HealthyPlace.com Articles/Conference Transcripts

Eating Disorders Treatment Centers

How To Recover From Bulimia and Other Eating Disorders

Recovery From Food Addiction, Food Cravings

 
  • Chief complaint: You want to know what's wrong from the client's perspective. This will depend on whether they were forced to get treatment, or came in voluntarily, but either way the chief complaint usually changes the safer the client feels with the clinician. Ask the client, "What are you doing with food that you would like to stop doing?" "What can't you do with food that you would like to be able to do?" "What do others want you to do or stop doing?" Ask what physical symptoms the client has and what thoughts or feelings get in her way.

  • Interference: Find out how much the disordered eating, body image, or weight control behaviors are interfering with the client's life. For example: Do they skip school because they feel sick or fat? Do they avoid people? Are they spending a lot of money on their habits? Are they having a hard time concentrating? How much time do they spend weighing themselves? How much time do they spend buying food, thinking about food, or cooking food? How much time do they spend exercising, purging, buying laxatives, reading about weight loss, or worrying about their bodies?

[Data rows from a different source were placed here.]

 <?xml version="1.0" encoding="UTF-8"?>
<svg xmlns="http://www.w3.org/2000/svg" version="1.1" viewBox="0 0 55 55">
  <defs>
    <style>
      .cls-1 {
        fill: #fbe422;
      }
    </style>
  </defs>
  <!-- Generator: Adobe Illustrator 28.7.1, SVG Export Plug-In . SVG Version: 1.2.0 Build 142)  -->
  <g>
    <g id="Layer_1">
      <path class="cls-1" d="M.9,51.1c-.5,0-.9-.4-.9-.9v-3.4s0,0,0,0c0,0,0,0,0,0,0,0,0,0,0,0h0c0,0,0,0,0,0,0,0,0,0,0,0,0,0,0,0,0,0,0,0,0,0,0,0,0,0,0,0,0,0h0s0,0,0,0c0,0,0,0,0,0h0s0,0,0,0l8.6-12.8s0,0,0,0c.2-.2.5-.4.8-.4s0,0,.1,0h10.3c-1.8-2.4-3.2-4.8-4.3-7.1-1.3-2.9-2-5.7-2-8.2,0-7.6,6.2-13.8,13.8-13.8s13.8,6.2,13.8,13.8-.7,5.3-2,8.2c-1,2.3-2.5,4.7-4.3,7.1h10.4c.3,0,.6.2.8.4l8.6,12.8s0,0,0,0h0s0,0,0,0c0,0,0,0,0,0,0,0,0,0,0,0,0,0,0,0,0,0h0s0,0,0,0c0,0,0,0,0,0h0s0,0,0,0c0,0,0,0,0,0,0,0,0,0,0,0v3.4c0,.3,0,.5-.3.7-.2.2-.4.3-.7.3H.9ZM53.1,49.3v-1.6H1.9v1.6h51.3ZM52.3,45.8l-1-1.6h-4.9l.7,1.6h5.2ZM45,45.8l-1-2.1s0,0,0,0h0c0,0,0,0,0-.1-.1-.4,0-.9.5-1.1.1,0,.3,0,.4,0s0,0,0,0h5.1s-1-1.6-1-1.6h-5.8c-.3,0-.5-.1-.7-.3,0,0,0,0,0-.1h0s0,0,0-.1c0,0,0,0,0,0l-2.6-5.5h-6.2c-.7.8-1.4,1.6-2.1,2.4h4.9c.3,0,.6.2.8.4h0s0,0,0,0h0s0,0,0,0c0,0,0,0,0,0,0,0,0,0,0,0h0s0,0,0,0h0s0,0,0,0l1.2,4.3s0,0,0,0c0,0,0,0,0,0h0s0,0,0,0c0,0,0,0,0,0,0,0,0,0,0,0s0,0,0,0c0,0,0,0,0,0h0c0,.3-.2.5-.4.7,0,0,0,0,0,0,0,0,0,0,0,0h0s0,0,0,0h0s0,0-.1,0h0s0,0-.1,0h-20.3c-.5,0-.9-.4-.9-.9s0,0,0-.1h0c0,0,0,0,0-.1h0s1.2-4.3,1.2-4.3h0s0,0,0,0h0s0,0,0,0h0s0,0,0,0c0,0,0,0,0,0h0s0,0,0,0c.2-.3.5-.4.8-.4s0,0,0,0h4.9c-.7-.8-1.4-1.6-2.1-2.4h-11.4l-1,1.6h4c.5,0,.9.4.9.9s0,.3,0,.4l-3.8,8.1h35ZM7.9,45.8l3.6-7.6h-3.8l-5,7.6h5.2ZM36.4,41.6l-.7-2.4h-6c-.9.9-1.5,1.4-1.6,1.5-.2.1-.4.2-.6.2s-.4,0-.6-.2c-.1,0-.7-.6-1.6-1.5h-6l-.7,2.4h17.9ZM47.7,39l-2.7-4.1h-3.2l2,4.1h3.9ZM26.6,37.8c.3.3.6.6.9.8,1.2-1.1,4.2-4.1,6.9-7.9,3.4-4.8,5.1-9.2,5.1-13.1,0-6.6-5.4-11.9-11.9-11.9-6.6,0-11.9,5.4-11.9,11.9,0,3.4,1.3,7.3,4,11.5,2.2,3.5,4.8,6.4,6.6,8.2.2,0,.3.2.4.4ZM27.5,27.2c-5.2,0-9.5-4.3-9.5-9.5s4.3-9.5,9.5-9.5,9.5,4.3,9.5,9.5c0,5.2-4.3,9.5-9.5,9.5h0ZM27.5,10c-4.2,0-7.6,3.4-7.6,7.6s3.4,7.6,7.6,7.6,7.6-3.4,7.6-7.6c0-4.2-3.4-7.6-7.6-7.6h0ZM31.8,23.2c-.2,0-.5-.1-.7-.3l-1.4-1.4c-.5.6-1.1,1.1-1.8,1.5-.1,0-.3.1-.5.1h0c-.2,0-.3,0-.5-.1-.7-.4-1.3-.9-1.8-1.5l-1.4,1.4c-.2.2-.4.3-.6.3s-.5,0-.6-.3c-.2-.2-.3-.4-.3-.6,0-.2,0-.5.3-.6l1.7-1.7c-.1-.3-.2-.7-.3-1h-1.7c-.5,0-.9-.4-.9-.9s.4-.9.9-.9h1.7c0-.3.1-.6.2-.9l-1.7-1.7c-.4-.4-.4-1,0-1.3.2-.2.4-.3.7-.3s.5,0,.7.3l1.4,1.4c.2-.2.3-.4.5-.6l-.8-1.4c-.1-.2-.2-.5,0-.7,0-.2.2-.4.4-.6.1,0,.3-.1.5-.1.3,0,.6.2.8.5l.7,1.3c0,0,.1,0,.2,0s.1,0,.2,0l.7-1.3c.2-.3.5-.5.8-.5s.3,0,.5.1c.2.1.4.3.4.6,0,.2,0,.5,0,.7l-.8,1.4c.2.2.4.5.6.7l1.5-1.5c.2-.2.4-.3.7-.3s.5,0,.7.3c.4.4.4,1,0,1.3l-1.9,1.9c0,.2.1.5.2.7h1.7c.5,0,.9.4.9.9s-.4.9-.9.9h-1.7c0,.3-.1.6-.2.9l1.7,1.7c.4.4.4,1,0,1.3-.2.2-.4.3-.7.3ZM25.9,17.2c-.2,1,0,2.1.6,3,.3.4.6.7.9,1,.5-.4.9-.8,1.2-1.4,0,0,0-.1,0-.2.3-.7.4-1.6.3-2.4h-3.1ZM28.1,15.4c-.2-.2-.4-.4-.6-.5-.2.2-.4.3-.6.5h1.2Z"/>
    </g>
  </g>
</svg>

  • Psychiatric history: Has the client ever had any other mental problems or disorders? Have any family members or relatives had any mental disorders? The clinician needs to know if the client has other psychiatric conditions, such as obsessive- compulsive disorder or depression, that would complicate treatment or indicate a different form of treatment (e.g., signs of depression and a family history of depression that might warrant antidepressant medication sooner than later in the course of treatment). Symptoms of depression are common in eating disorders. It is important to explore this and see how persistent or bad the symptoms are. Many times clients are depressed because of the eating disorder and their unsuccessful attempts to deal with it, thus increasing low self-esteem. Clients also get depressed because their relationships often fall apart over the eating disorder. Furthermore, depression can be caused by nutritional inadequacies. However, depression may exist in the family history and in the client before the onset of the eating disorder. Sometimes these details are hard to sort out. The same is often true for other conditions such as obsessive-compulsive disorder. A psychiatrist experienced in eating disorders can provide a thorough psychiatric evaluation and recommendation regarding these issues. It is important to note that antidepressant medication has been shown to be effective in bulimia nervosa even if the individual does not have symptoms of depression.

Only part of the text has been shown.